To understand and develop the geometrical ground of supersymmetry and supergravity D.V. Volkov formulated the basic concepts of differential geometry of superspace, which in addition to Grassmann-even (bosonic) space-time coordinates is parametrized by Grassmann-odd (fermionic) variables.

The development of supergravity and superstring theory showed that eleven and ten are the most appropriate dimensions of space-time for these models to live in, and in the end of the Seventies Volkov initiated research on the problem of spontaneous compactification of extra space dimensions and proposed a mechanism of spontaneous compactification in super-Yang-Mills models interacting with supergravity based on the "embedding" a gauge field connection into the spin connection of the compactified subspace.

The spin structure of physical theory was always a special topic of Volkov's interests. Among other one may mention his rediscovery of an odd Poisson bracket (the Buttin bracket), which he showed to be useful for an alternative formulation of a wide class of Hamiltonian systems, including hydrodynamics.

He also made a contribution into the development of the relativistic field theory of particles with fractional statistics and spin.

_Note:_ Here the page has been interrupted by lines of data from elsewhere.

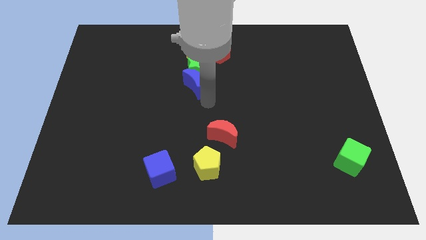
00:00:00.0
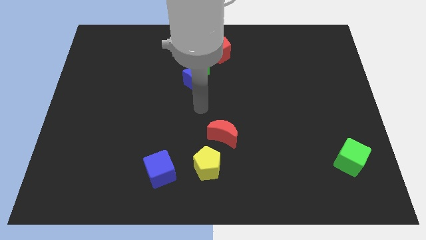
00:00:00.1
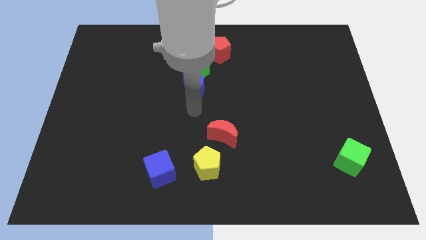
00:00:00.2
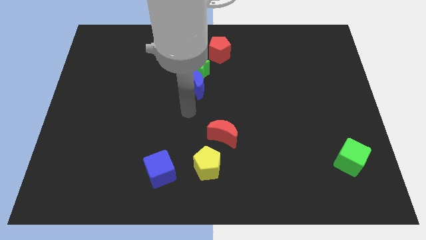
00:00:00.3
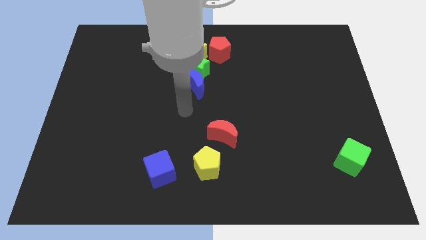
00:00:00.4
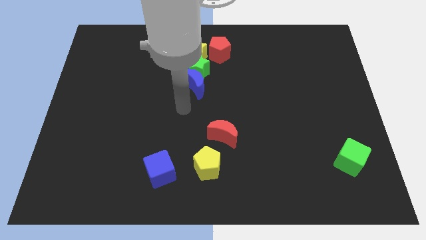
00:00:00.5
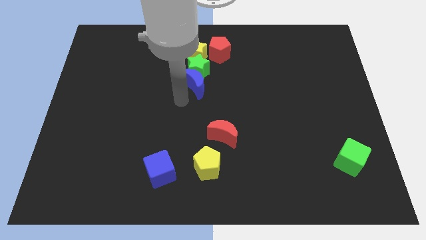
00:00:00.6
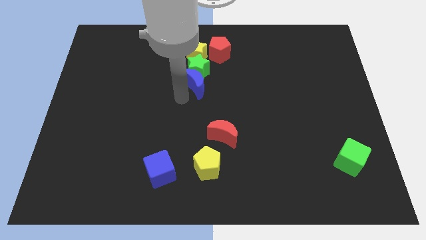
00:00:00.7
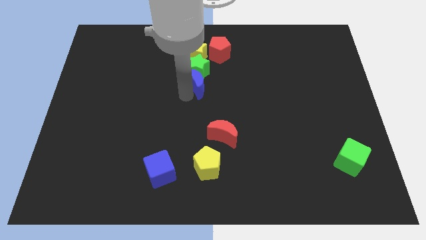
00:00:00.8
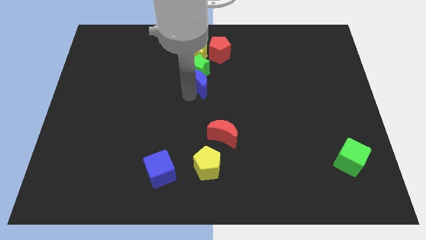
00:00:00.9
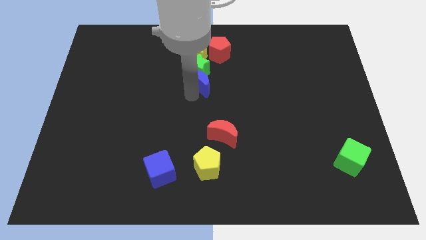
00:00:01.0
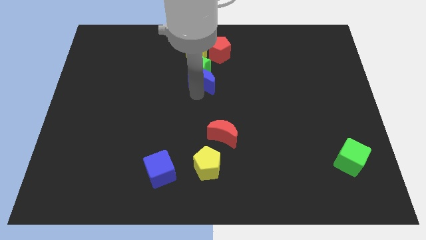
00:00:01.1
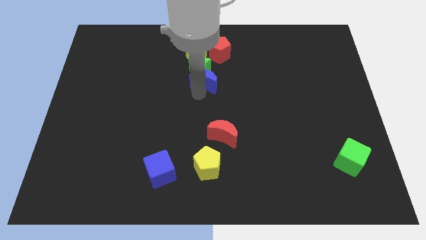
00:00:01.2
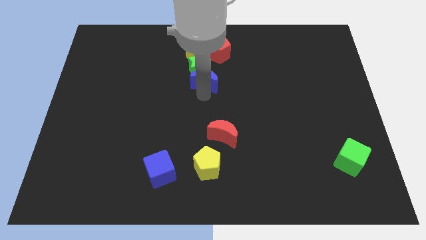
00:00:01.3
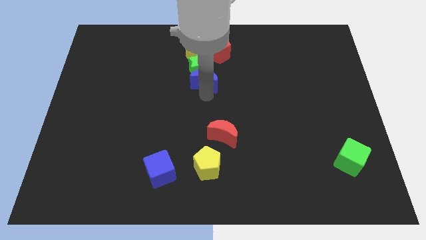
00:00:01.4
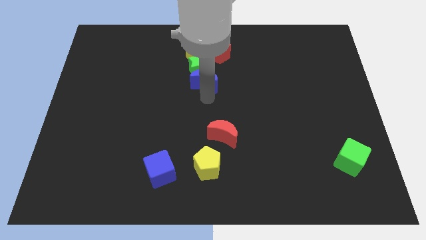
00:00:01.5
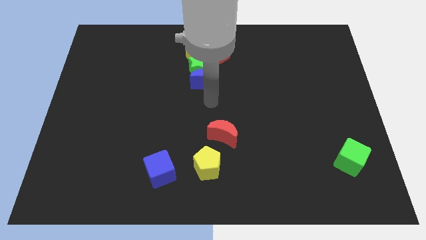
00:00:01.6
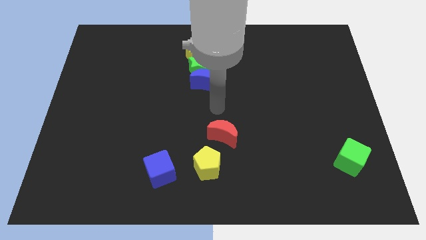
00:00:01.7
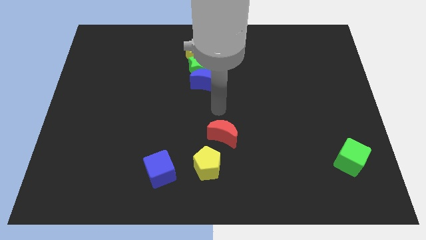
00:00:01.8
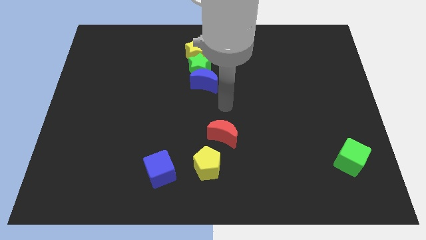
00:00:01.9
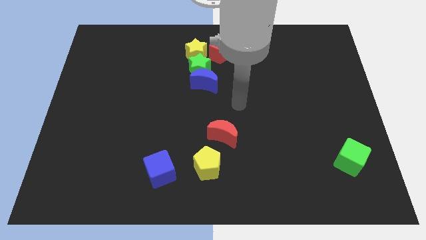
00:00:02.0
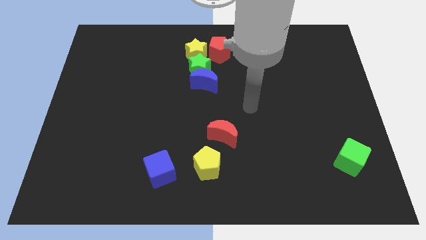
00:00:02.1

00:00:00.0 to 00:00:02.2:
adjust the blue crescent diagonally to green cube

In the end of the Eighties D. V. Volkov advocated and developed ideas on the importance of the role of twistors in the structure of the theory of superparticles and superstrings. This allowed to elucidate the geometrical nature of a mysterious fermionic "kappa"-symmetry of superparticles, superstrings and in general super-p-branes as local supersymmetry of their worldvolumes, and to make a progress in solving the problem of the covariant quantization of superstrings.

As a member of scientific councils, editorial boards of scientific journals and an organizer of theoretical seminars at Kharkov State University D. V. Volkov devoted a lot of his time and energy to the organization and promotion of scientific and public activities.

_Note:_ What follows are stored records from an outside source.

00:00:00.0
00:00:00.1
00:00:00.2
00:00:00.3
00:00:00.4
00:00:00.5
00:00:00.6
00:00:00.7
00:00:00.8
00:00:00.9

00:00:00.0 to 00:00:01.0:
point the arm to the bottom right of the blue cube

In 1988 D.V. Volkov was elected a Member of the Ukrainian Academy of Sciences. He was the Honored Scientist of Ukraine, and his talent and devotion to science were given credit by the State having awarded him the Order of Red Banner of Labor and medals.

D.V. Volkov published more than 170 articles in various subjects of theoretical physics. Many of them were written in collaboration with other theorists and pupils of the theoretical school he founded. His strength, enthusiasm and transparent presentation of new fresh scientific ideas, which he was always full of, inspired his students and colleagues not only to work hard on their development but also to pause their own original and interesting theoretical problems. D. V. Volkov was always open to the discussion of the very different problems. He was able to grasp the essence of the problems and very often suggested original approaches to their solution. This is why many famed scientists have considered him as his teacher. The scientific school established by D.V. Volkov in Kharkov is well known all over the world.

Science always occupied an exclusive place in Volkov's life. He jealously guarded its purity and was strongly opposed to any and all breaches of scientific ethics and the intrusion into the field of science of bureaucratic attitude.

In his scientific pursuits D.V. Volkov was driven by an extraordinary intuition, a profound feeling of beauty and aspiration to harmony. His creative work was veiled by romanticism that attracted many colleagues from the world scientific community.

As a person, D.V. Volkov combined a genuinely keen intellect with modesty and the highest human principals. He always expressed respect, kindness and sincere desire to be helpful in difficult issues. He profoundly knew classical literature, Hindu philosophy, and practised yoga. He was interested in the mysteries of human psyche and the power of self-suggestion, which he used to heal the body. This helped him to be optimistic and to work hard until the very last day of his life.